Впервые кофе доставил удовольствие.  Не только как бодрящий напиток. А наполненный сказочным древним ароматом, теплотой матери и строгостью отца. Горечью расставаний  с близкими людьми и сладостью от знакомства с новыми кандидатами на место ушедших. Долгим и стойким послевкусием как извечный никем не тронутый лес. С кислым привкусом морского бриза и счастьем от такого букета всего в одной чашке. В каждой чашке. Процентное содержание каждой составляющей счастья в одной чашке можно менять и получать различные вкусовые комбинации
Сказочный мир. Кофейный мир, открытый для всех. Желания сбываются. Улыбнулся. Счастье вот оно в каждой чашке горячего напитка.
Стресс прошел, как и уныние. Счастливый побрел домой, пообещав обязательно вернуться. Завтра будет  новый день…
…Улицы опустели. Люди попрятались. Только машины проезжают мимо. Я. Иногда промокший пес пробежит. Наблюдаю. Кажется, некоторые из них тоже улыбаются. Звериный оскал удовольствия. Самая приятная улыбка в такую погоду. Хочется позвонить. Кому. Той, о которой, все мысли мои улетают вдаль. Нельзя. Да, если даже, и можно. Все равно нельзя. Парадокс. Сам создал, сам и расхлебывай. Или, по-простому, сам дурак.
Гроза. Ветер рвет и мечет. Дождь бьет по лицу. Вода стекает по волосам. Ужасно, неправда ли. Нет, неправда. Погода как раз под настроение. Радуюсь…

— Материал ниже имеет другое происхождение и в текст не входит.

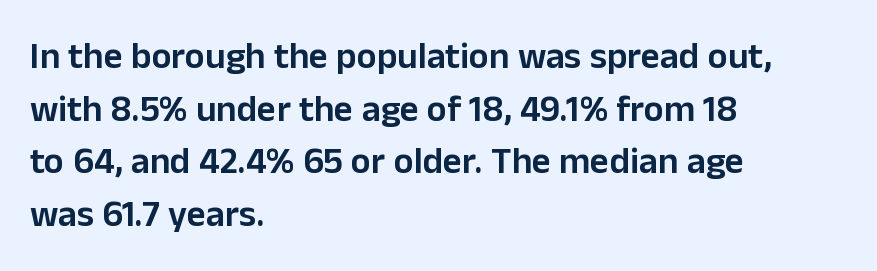
Left-aligned paragraph, ragged on the right. I'd call this a sans setting — the letters go barefoot. Compared with typical paragraphs, the rows here are spaced about the same. Underline: absent. I'd describe the lettering as semibold — firm but not a full bold. Designer's note — italics off, roman on.
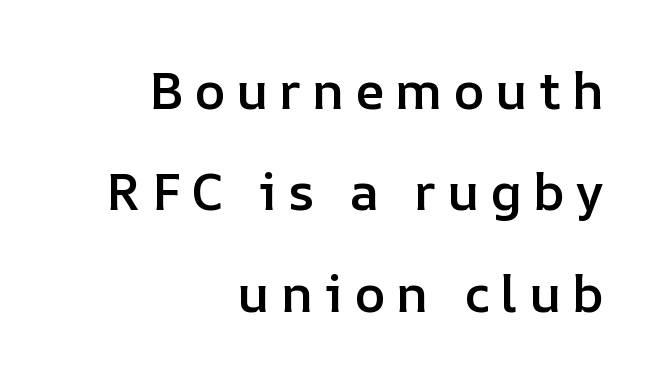
Q: Is the text bold? A: Semi-bold.
Q: Is the text italic (slanted)? A: No, it is upright.
Q: Is the text underlined? A: No.
Q: How is the paragraph aligned? A: Right-aligned.
Q: Is the spacing between letters normal or unusually wide? A: Unusually wide.
Q: Is the spacing between lines tight, normal or loose? A: Loose.
Q: Width (condensed, normal, or wide)? A: Normal.
Q: Stroke contrast? A: Low.
Q: x-height? A: Medium.
Q: Monospaced? A: No.
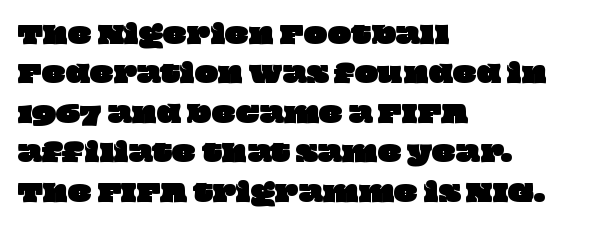
Check the space under the baseline: it is left empty. Line starts are locked; line ends wander. The lines sit at an ordinary, default distance from one another. Standard letterfit; no display-style spreading of the glyphs.

Но вот кто-то остановился. Посыпались вопросы. Наверное, хороший человек. Захотел помочь. Спасибо отвечаю, но я гуляю. Да в такую погоду. Иду дальше…
Сложный выбор. Нет. отчего же. Все просто. Надо выбрать куда повернуть. Идти дальше по маршруту или свернуть. Свернуть к счастью и разрешить быть себе счастливым. Нет. а может да. Вот так и мечешься о двух сторонах одной медали. А надо бы определиться. Выбор.

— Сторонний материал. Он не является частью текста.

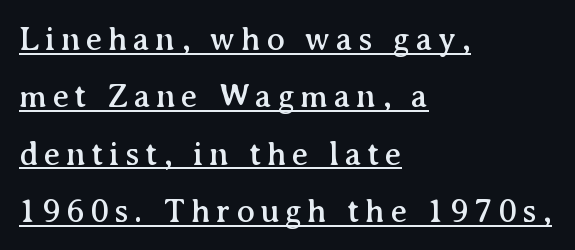
The image shows 34 px serif type, upright; set left-aligned, normal line spacing (1.69x), underlined; medium stroke contrast and a medium x-height.

Ну вот опять отвлекся. Быть ближе. Видеться чаще. Опять не туда. Что же происходит.  Теряю связь. Связь с реальностью.
Реальность. Дождь. Гроза. Ветер. И улыбка на лице. Идиотская улыбка. Никто не понимает. Я вижу. Нет. чувствую. Эти взгляды. Совсем не понимающие. А некоторые осуждающе. Так и чувствуется. Простынет. Заболеет. Куда смотрят родители. Но я их не виню. Это все общество. Привычка к комфорту. Потребительская раса. Мы разучились создавать. Творить. Все что от большинства остается это отходы и дерьмо. А мы кичимся тем, что мы венец развития. Властелины на земле. Бред. По этому их не виню я. Пусть живут. Меня только пусть не трогают. А мне до них дела и так нет. хотя и среди этого полчища есть еще достойные личности. Но насколько же их мало осталось.

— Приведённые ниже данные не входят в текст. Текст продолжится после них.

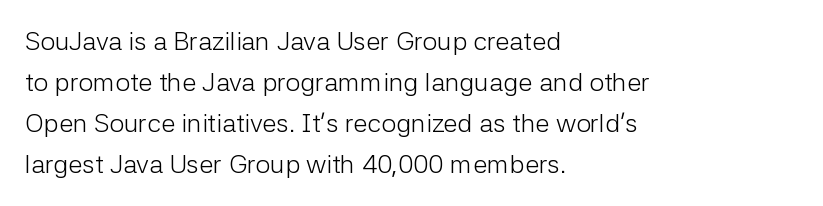
The words here are not underlined. Unbolded letterforms with no extra heft. Quick note: interline space is typical. These lines stack with their left ends in a neat column. Ordinary non-slanted type is in use. Here the glyphs are tracked normally, forming tight word shapes.
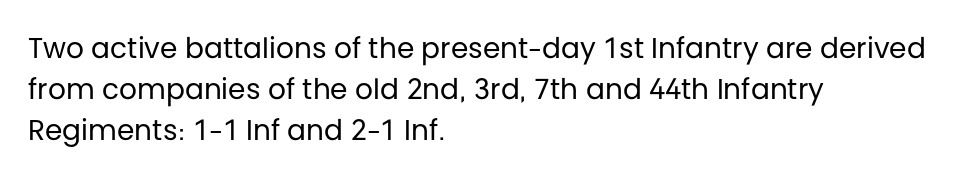
The image shows 28 px regular-weight sans-serif type, upright; set left-aligned, normal line spacing (1.46x), normal letter spacing, not underlined; low stroke contrast and a large x-height.
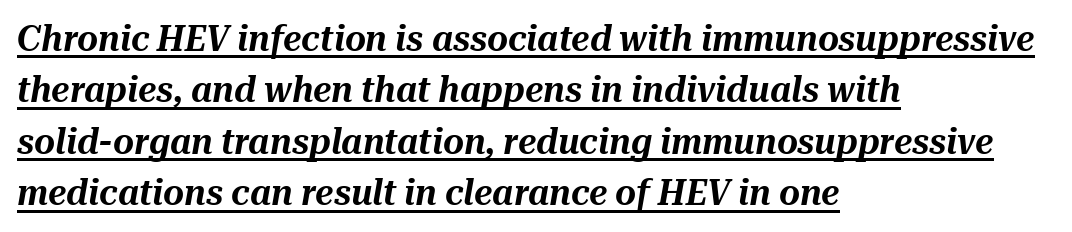
The image shows 36 px text type, italic (leaning right); set left-aligned, normal line spacing (1.43x), normal letter spacing, underlined; medium stroke contrast and a medium x-height.

Пока думал, дошел до своего кофейного мира. Уже прошло несколько лет с тех пор, как впервые переступил его порог. Такое чувство, что этот маленький мир создан для поглощения эмоций, чувств всех без разбора, а возвращает только позитивные. Стал тем, что сложно найти среди людей.
Он как будто внимательно слушает тебя, поглощая бесконечные невысказанные истории. С каждой чашечкой любимого кофе. Люди приходят и уходят, а кофейный рай  всегда открыт и ждет твоих историй. А иногда ненавязчиво шепчет решения, которые становятся твоими. Шепот кофейного аромата и истинного знания. Твоего собственного, но по каким-то причинам ты его не замечаешь. Кофе хороший собеседник чуткий и не многословный. Его шепот раздается в голове только тогда когда необходимо и несет лишь полезную информацию, а исчезает сразу же после осознанного приема тобой его слов.
Еще один вечер закончился. Еще выпито несколько чашек. Завтра будет другой день. И остается ждать, думать, возвращаться и пить кофе….
Прошло некоторое время и вот появился человек, с которым захотелось поделиться тайным миром, кофейным миром счастья. Именно миром, а не просто кофейней. Кофейная вера, что все будет хорошо и кофе будет шептать свои-наши истины не только мне одному, а уже нам.
Все получилось. Но только шепот кофейного аромата затих, надеюсь навремя. Зато остались аромат, счастье, тепло и уют. Завтра будет новый день.
Нет не просто новый календарный день, из которых состоят недели, месяцы и годы. А день полный счастья, радости и ожиданий. И конечно день, когда желания исполняются. Всё исполняется. И день когда мы снова будем в нашей любимой кофейне с близким человеком и уже двумя чашечками кофе за одним столом.